Passage Maker

Depth of Field

Kevin Dolan: Survivor at Sea

- TEXT & PHOTO Jonathan Cooper [Seattle, Washington]

Every savvy sailor knows the potential perils of offshore cruising, but few people know those risks better than Seattleite Kevin Dolan. Having made the Pacific trip four times from Seattle to California as a delivery captain, it was Kevin’s fifth trip in 2007 that made him reevaluate ever doing it again.

Kevin, recently engaged at the time, and his friend, Greg, were 80 miles offshore of the infamous California danger zone at Cape Mendocino when the Nauticat they were delivering to Mexico was broadsided by a massive wave. The wave broached the sloop, causing the starboard cabin windows to smash from the force of impact.
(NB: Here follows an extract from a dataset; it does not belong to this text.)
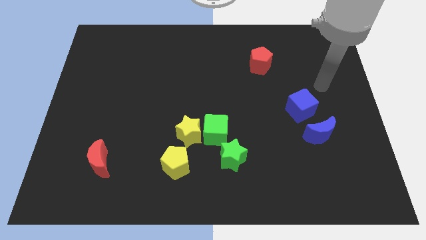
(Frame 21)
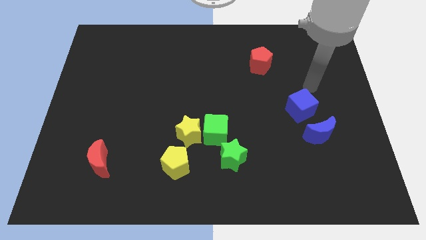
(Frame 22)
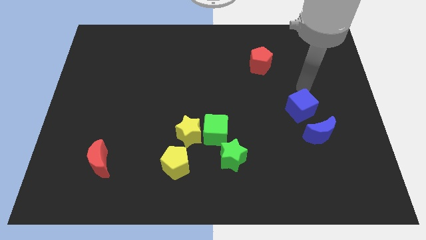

Before the boat righted itself, the now-open portlights permitted green water to partially fill the hull. With no chance to keep up with manual pumping, and no power to run the electrics (including the VHF radio), the vessel and crew were sitting ducks in a notorious patch of water.

“I activated both our EPIRBs, and when the Coast Guard chopper arrived for an airlift, I left one attached to the hatch of the boat,” Kevin says. “The Coast Guard told us later that they had found the second EPIRB, but there was no longer a boat attached to it.”

I asked Kevin whether they would have done anything differentl­y in retrospect, and he offered what seems like sage advice to anyone cruising offshore (or inshore, for that matter): “I wish we had just slowed down, taken our time and waited for improved weather and sea conditions.”